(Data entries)

- Opening Delimiter -

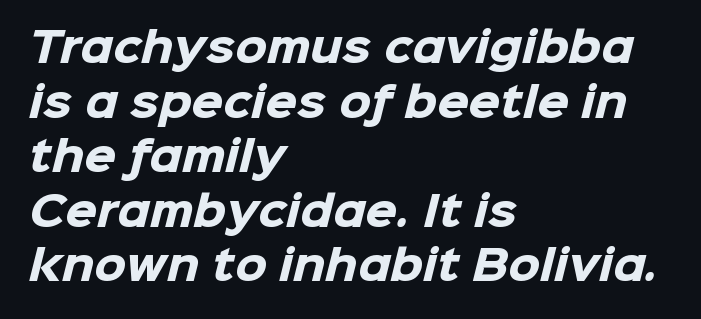
Q: Is the text bold? A: Yes.
Q: Is the typeface a serif or a sans-serif typeface? A: Sans-serif.
Q: Is the text underlined? A: No.
Q: How is the paragraph aligned? A: Left-aligned.
Q: Is the spacing between letters normal or unusually wide? A: Normal.
Q: Is the spacing between lines tight, normal or loose? A: Normal.
Q: Width (condensed, normal, or wide)? A: Normal.
Q: Stroke contrast? A: Low.
Q: x-height? A: Medium.
Q: Monospaced? A: No.

- Closing Delimiter -

Copy every line in the entries above that has the string "normal" in it.

» **Task answer**:
Q: Is the spacing between letters normal or unusually wide? A: Normal.
Q: Is the spacing between lines tight, normal or loose? A: Normal.
Q: Width (condensed, normal, or wide)? A: Normal.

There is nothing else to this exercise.